▸ Data listing
• • • •
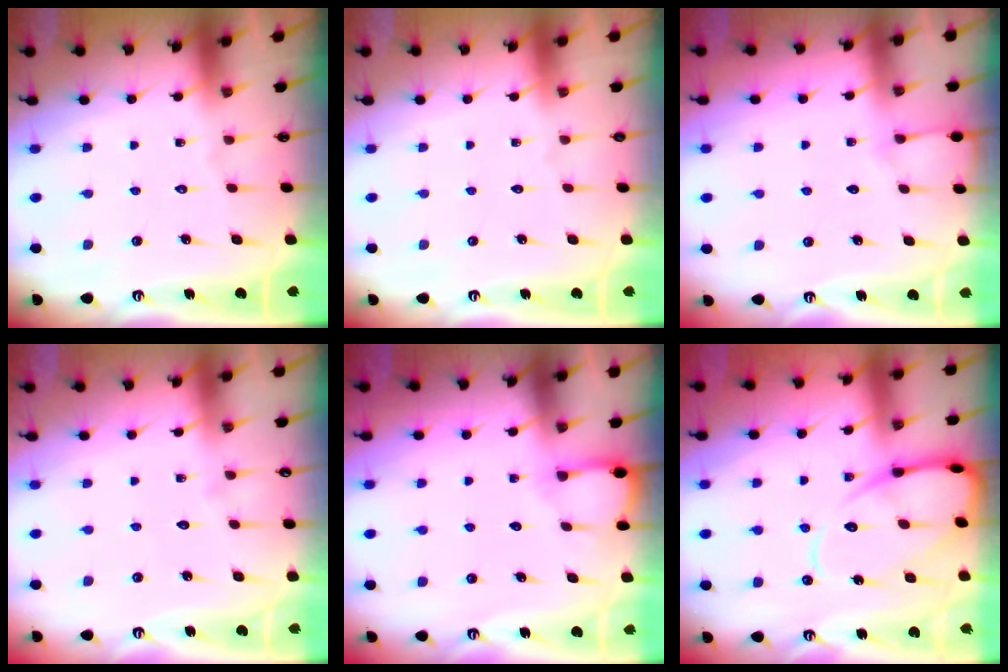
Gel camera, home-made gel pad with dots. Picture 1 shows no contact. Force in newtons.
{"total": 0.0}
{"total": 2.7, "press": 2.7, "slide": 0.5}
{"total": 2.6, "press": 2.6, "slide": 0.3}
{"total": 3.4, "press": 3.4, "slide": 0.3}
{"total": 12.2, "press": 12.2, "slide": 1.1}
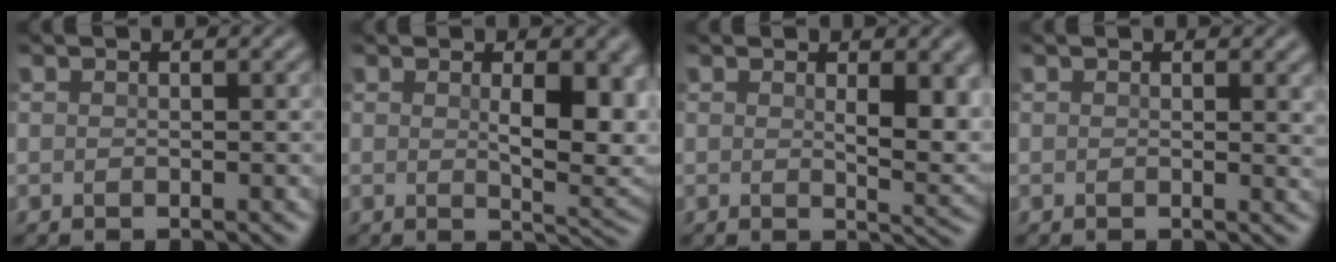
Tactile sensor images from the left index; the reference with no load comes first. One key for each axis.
• • • •
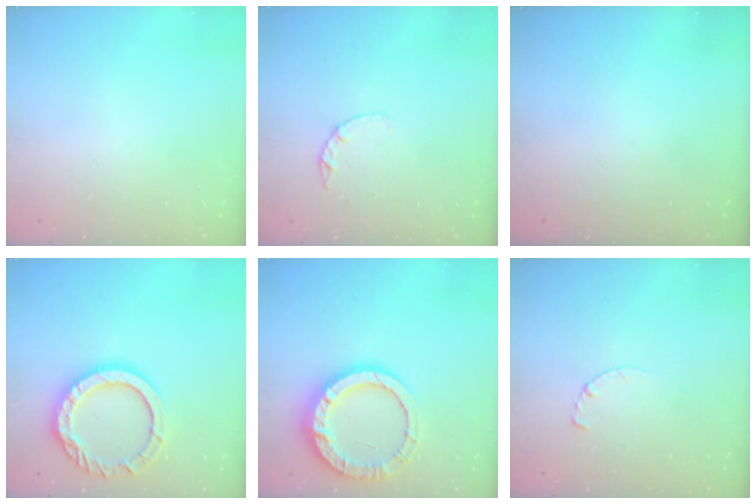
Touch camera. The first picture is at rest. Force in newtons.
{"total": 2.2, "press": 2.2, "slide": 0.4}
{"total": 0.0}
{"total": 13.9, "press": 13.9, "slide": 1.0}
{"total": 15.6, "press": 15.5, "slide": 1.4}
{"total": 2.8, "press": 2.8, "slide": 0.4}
• • • •
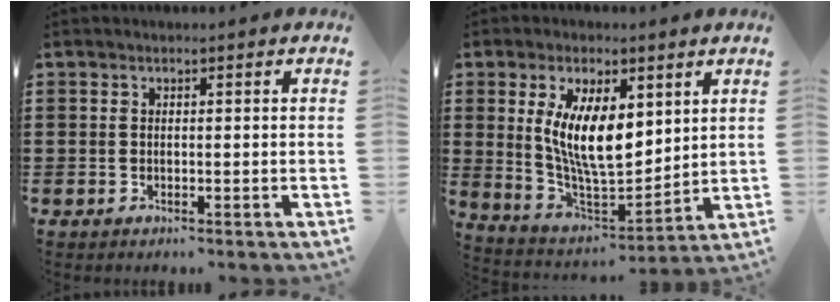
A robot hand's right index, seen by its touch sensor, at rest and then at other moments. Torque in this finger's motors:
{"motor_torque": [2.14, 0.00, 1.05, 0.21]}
• • • •
▸ Required work
In the records above, everything from the line with "Gel camera, home-made" down to the line with "Tactile sensor images" is to be set down exactly, both ends included, with no pictures and no other lines.

▸ Result of the task
Gel camera, home-made gel pad with dots. Picture 1 shows no contact. Force in newtons.
{"total": 0.0}
{"total": 2.7, "press": 2.7, "slide": 0.5}
{"total": 2.6, "press": 2.6, "slide": 0.3}
{"total": 3.4, "press": 3.4, "slide": 0.3}
{"total": 12.2, "press": 12.2, "slide": 1.1}
Tactile sensor images from the left index; the reference with no load comes first. One key for each axis.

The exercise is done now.